Lung Cancer Whole Tissue Phenoptics Image
Akoya’s Phenoptics™ platform captures high resolution images of whole tumor sections from patients, enabling researchers to study the spatial biology of the sample – i.e., how tumor and immune cells interact within the tumor microenvironment and influence response to immunotherapy. Different colors represent different cell types and biomarkers. The white box represents a zoomed in area for deeper microscopic analysis.

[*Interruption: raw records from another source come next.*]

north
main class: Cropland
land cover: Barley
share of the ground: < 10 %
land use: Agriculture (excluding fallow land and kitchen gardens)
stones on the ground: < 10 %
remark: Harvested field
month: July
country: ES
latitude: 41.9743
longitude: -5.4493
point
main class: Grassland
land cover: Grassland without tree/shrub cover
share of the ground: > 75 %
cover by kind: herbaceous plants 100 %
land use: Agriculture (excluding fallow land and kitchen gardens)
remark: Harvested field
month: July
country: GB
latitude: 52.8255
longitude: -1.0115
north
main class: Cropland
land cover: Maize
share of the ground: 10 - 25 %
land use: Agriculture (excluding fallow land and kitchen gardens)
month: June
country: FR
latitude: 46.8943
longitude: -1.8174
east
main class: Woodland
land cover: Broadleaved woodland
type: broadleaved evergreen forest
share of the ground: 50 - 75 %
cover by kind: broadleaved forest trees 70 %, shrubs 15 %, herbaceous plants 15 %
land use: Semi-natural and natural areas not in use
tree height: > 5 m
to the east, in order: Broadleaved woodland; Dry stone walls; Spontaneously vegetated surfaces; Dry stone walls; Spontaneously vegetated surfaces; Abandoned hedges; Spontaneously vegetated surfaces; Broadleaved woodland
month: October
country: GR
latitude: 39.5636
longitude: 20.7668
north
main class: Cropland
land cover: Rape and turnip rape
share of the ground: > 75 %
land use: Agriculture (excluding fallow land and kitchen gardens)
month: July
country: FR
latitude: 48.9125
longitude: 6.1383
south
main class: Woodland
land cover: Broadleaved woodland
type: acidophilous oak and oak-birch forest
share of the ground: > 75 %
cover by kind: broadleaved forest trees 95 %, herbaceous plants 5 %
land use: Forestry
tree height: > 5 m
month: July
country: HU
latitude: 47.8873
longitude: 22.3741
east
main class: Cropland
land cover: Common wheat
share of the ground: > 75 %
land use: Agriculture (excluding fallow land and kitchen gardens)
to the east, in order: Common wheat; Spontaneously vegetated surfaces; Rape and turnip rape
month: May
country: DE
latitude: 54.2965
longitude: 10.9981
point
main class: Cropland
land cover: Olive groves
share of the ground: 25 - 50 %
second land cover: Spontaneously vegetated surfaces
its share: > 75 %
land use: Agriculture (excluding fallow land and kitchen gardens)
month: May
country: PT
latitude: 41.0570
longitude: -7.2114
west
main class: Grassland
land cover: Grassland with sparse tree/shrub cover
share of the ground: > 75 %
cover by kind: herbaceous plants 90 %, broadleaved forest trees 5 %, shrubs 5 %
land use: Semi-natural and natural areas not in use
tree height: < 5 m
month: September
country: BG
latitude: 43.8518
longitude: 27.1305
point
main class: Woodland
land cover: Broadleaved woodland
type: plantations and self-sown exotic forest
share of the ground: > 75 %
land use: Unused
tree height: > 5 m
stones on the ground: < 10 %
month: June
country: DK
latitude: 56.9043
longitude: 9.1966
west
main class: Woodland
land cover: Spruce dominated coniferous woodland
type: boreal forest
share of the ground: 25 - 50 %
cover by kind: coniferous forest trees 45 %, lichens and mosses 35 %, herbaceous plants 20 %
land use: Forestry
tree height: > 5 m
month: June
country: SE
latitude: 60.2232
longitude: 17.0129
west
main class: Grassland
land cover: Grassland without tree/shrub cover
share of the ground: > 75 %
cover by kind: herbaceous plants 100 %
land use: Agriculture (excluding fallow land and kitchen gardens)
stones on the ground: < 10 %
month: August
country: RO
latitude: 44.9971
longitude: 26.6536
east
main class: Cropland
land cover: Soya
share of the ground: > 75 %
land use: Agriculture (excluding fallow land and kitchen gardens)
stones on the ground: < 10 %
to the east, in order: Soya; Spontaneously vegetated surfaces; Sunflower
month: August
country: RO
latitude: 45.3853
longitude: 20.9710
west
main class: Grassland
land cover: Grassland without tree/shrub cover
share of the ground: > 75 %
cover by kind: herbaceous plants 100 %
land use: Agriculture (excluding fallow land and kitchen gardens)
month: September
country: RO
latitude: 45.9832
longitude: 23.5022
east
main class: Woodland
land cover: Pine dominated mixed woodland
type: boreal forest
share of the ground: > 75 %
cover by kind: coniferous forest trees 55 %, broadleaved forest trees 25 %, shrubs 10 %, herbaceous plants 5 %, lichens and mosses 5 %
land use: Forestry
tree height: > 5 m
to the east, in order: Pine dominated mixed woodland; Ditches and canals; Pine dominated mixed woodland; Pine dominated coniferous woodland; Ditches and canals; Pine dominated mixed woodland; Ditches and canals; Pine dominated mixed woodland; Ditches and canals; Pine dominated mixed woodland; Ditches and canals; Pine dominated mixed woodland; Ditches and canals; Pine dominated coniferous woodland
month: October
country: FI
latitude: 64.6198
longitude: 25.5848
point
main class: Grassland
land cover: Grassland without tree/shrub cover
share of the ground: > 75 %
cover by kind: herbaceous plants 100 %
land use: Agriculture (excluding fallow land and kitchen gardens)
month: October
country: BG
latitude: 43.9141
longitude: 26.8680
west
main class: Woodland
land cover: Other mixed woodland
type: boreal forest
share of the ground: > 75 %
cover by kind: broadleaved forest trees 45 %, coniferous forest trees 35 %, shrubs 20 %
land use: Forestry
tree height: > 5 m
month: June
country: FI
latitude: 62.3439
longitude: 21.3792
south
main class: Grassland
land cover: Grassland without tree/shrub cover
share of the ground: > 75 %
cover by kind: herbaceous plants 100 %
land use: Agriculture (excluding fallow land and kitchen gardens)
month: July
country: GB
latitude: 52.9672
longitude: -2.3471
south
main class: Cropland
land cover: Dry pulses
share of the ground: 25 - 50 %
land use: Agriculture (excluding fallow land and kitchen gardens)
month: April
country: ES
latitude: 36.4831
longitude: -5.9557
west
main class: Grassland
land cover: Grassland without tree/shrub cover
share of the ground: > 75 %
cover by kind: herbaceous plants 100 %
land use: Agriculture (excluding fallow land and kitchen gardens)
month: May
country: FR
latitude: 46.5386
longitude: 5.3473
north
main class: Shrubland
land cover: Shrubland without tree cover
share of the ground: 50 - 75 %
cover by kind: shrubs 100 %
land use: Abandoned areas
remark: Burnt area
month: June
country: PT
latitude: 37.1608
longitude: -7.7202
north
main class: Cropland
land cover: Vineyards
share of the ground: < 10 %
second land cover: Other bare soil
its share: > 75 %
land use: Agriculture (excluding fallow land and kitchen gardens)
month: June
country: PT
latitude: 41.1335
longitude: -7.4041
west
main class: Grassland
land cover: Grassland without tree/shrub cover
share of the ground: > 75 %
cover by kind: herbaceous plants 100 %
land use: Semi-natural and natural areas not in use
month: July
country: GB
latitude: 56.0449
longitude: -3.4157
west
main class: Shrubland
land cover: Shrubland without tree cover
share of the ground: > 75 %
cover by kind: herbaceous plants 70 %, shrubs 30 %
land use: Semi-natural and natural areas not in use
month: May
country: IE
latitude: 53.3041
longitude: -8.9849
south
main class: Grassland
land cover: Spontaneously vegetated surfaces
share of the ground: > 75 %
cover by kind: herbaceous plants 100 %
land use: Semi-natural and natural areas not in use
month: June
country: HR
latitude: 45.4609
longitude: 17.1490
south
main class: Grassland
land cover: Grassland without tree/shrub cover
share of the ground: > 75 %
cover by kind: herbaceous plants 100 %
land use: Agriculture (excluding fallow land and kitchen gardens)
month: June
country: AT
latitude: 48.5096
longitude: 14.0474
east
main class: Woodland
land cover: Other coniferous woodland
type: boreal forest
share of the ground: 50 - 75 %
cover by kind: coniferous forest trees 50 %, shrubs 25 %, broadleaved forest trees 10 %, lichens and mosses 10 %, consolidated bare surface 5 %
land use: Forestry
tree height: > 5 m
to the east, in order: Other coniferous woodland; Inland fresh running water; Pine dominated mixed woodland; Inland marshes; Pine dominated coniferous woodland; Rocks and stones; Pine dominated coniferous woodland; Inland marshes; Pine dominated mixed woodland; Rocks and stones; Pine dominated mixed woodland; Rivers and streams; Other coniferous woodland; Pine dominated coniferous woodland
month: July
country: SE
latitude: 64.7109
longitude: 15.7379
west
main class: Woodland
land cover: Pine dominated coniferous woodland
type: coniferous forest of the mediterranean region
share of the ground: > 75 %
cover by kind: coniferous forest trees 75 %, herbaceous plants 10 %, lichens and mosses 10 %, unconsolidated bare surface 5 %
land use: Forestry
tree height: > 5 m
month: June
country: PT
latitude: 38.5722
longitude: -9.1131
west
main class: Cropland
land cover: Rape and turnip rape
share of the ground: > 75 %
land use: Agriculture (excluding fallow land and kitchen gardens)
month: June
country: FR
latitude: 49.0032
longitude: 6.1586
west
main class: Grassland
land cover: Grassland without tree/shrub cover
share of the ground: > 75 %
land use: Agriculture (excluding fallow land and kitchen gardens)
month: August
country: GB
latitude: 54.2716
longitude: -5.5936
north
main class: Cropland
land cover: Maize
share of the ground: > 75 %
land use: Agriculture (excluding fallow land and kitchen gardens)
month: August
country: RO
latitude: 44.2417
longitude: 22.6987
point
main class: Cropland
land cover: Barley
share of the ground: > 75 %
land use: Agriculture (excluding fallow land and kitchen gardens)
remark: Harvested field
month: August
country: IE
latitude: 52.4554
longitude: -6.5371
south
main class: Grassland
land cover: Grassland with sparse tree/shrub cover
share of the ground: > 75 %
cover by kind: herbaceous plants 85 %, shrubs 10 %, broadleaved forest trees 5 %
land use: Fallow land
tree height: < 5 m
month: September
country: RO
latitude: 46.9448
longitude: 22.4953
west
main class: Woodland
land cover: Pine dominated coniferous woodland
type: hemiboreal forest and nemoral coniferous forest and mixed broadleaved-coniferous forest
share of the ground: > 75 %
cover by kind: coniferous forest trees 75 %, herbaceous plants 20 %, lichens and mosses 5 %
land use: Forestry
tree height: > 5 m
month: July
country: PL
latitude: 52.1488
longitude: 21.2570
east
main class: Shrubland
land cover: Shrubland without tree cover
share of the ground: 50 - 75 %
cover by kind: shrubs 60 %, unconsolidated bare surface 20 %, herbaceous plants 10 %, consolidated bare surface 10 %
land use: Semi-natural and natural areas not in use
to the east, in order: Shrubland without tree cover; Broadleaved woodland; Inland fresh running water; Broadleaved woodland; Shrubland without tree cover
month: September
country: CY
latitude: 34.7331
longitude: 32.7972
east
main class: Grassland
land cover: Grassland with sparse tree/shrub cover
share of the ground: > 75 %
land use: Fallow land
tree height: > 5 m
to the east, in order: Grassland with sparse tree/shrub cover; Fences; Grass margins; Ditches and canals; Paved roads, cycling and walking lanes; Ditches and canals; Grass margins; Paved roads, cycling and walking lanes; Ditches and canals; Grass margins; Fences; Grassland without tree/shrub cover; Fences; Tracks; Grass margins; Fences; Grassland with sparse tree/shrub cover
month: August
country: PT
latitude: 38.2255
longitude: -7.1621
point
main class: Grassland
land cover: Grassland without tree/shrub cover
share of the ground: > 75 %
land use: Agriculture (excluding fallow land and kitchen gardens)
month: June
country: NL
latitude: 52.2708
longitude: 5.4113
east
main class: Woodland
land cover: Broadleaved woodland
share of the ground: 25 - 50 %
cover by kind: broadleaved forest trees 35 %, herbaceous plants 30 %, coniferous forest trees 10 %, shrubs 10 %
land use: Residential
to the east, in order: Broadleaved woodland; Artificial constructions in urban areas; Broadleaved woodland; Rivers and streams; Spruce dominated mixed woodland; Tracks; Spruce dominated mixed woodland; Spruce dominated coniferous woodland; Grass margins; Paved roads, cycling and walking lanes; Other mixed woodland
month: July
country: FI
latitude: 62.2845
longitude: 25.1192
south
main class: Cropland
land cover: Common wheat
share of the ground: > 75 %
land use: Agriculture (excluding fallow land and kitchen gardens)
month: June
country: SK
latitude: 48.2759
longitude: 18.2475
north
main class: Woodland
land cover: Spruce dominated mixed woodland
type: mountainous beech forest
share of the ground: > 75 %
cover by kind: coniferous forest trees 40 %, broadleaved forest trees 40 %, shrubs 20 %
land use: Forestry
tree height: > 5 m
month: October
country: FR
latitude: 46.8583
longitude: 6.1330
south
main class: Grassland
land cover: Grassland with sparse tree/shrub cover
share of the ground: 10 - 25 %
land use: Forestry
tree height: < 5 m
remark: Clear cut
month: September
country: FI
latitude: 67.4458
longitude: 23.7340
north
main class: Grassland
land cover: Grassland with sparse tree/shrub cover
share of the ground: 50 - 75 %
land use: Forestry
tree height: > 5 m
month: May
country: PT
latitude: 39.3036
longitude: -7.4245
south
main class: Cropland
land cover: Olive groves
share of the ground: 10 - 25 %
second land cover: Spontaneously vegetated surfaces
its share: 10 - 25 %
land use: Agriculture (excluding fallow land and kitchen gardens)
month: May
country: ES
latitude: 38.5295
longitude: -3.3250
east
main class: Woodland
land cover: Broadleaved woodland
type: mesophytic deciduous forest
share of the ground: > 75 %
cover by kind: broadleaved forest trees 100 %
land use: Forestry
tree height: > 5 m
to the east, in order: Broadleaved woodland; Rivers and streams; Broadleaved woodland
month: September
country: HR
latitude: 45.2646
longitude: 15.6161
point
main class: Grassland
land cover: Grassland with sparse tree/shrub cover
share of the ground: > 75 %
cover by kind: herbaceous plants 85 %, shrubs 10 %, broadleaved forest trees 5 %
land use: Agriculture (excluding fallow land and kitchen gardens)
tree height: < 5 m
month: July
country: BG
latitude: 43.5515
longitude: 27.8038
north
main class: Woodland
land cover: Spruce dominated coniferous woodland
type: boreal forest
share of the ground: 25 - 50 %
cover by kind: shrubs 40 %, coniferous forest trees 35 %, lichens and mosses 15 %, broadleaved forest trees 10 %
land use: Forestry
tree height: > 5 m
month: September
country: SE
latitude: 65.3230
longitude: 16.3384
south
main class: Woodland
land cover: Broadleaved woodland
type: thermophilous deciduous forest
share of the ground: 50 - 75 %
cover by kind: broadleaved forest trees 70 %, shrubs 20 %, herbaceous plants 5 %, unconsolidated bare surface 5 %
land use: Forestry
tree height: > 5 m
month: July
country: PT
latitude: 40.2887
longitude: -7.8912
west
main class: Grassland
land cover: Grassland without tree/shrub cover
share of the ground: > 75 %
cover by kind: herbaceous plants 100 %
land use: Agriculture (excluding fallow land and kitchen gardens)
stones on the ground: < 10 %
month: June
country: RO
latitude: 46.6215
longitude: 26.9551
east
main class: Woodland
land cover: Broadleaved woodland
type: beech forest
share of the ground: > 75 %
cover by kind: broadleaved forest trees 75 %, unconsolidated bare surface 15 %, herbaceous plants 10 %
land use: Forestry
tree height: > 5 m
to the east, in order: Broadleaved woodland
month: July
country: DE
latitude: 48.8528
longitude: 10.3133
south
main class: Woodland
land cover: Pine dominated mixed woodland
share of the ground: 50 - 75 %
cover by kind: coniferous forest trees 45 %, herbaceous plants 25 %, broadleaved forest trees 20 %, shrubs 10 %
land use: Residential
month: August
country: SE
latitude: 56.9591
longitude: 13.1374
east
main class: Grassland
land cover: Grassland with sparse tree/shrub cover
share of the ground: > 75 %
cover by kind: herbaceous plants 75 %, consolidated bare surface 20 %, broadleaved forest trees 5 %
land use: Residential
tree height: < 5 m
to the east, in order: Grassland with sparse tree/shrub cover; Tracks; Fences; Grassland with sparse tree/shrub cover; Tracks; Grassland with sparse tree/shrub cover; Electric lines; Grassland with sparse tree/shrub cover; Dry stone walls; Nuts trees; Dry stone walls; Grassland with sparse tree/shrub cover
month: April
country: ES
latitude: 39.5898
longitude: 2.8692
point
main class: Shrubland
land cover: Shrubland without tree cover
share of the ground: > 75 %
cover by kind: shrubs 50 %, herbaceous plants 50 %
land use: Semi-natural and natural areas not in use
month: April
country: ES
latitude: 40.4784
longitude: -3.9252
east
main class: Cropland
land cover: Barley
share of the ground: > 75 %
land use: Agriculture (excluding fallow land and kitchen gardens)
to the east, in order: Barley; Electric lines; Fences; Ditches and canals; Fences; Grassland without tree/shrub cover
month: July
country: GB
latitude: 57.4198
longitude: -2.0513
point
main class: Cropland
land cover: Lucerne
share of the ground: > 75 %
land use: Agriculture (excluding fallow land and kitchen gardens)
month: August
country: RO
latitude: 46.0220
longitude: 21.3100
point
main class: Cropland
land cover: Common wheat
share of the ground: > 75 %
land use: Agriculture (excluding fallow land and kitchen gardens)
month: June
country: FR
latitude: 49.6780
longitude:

Lung Cancer Zoomed In Phenoptics Image
The zoomed in area from image 1 allows a deeper analysis of specified ‘hotspots’. Different colors represent different cell types and biomarkers e.g., PD-1, PD-L1 (checkpoint targets in pink and red respectively), cytotoxic T cells (a type of immune cell, in yellow), regulatory T cells (in orange), macrophages (another type of immune cell, in green), and tumor cells (in cyan). The cellular composition and distribution reveals immune engagement with the tumor, evidenced by the immune cells (in yellow, green and orange) infiltrating the tumor areas (in cyan).
Lung Cancer Phenoptics Spatial Analysis Image
Scientists then use Akoya’s Spatial Analysis software for visualizing and making proximity measurements for different cell types. Shown here are PD-1+ cells (magenta) within 25μm of tumor-associated macrophages (TAMs, in red). The presence of TAMs are associated with inflammation, immunosuppression, and drug resistance. Furthermore, in certain cancers the level of TAM infiltration can serve as a prognostic indicator of overall survival.